■ Work order
Only certain lines below are wanted: those starting at the line containing "Name the crop and the leaf's condition." and ending at the line containing "State the crop and the health of the leaf.", both included, each retyped exactly.

■ Data to process
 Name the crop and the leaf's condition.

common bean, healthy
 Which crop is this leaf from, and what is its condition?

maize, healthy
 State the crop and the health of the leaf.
...
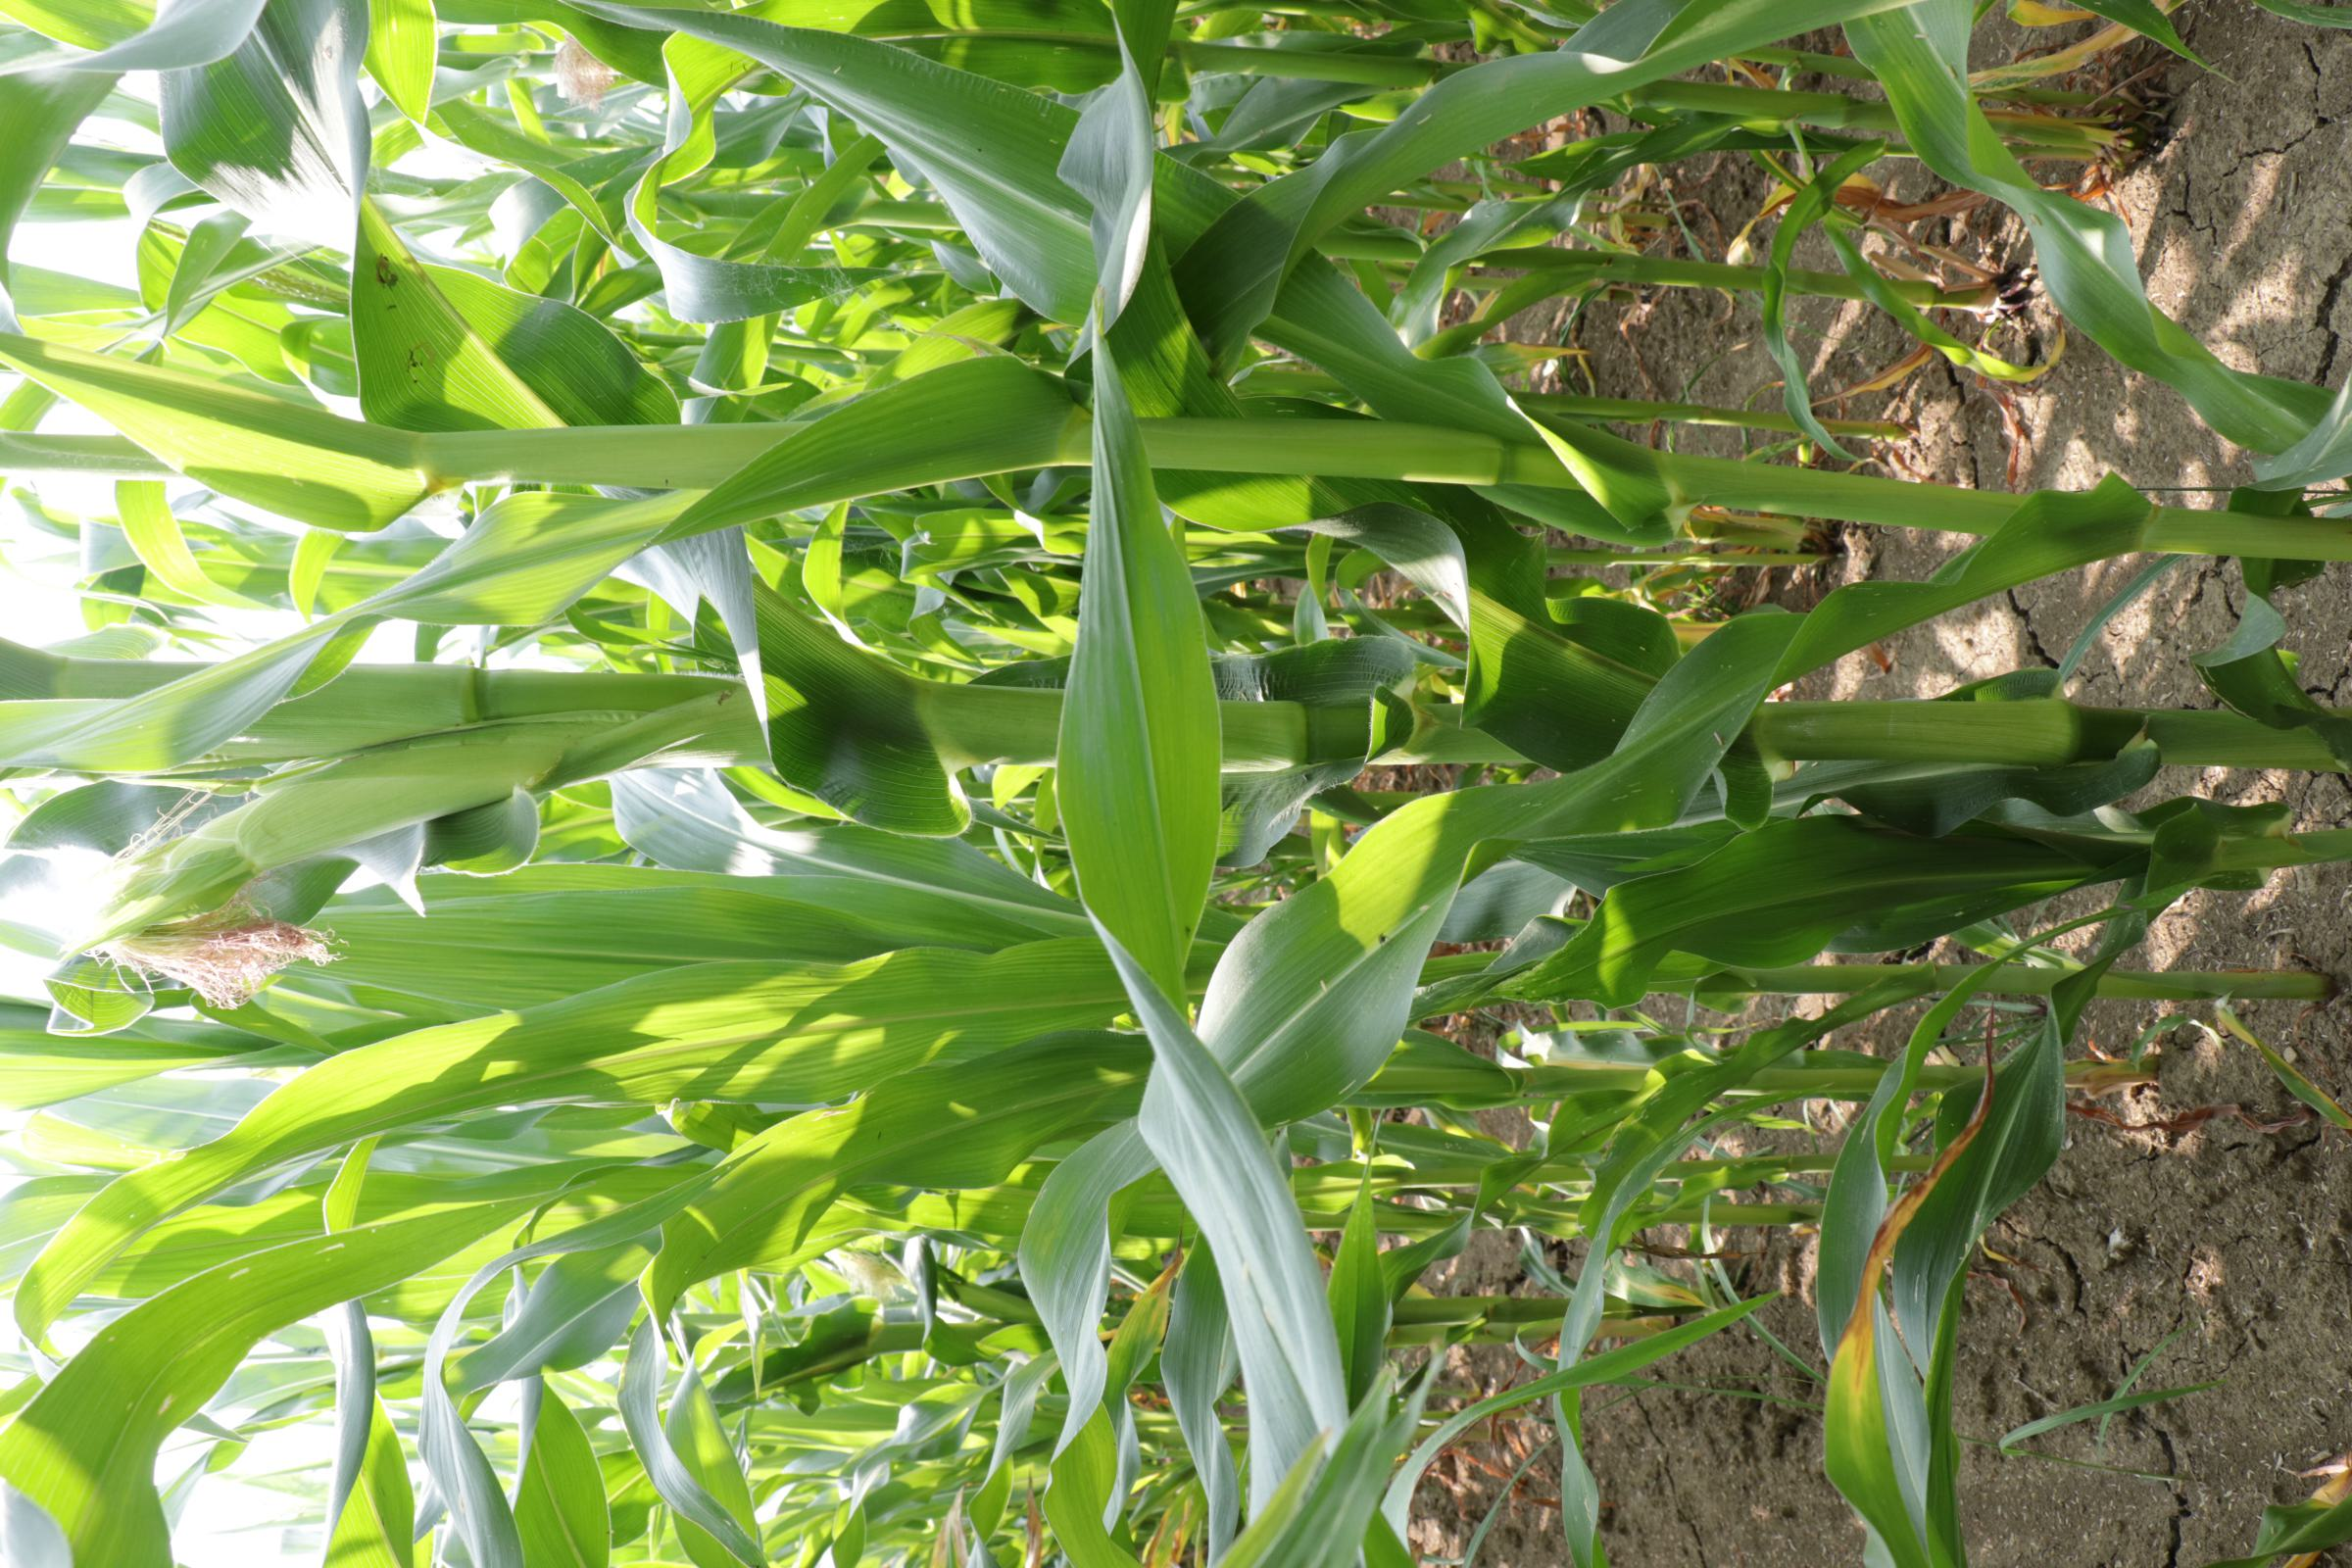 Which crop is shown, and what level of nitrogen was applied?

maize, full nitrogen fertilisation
...
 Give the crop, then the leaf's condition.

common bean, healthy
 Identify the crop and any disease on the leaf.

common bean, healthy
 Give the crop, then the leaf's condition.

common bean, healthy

■ Written response
 Name the crop and the leaf's condition.

common bean, healthy
 Which crop is this leaf from, and what is its condition?

maize, healthy
 State the crop and the health of the leaf.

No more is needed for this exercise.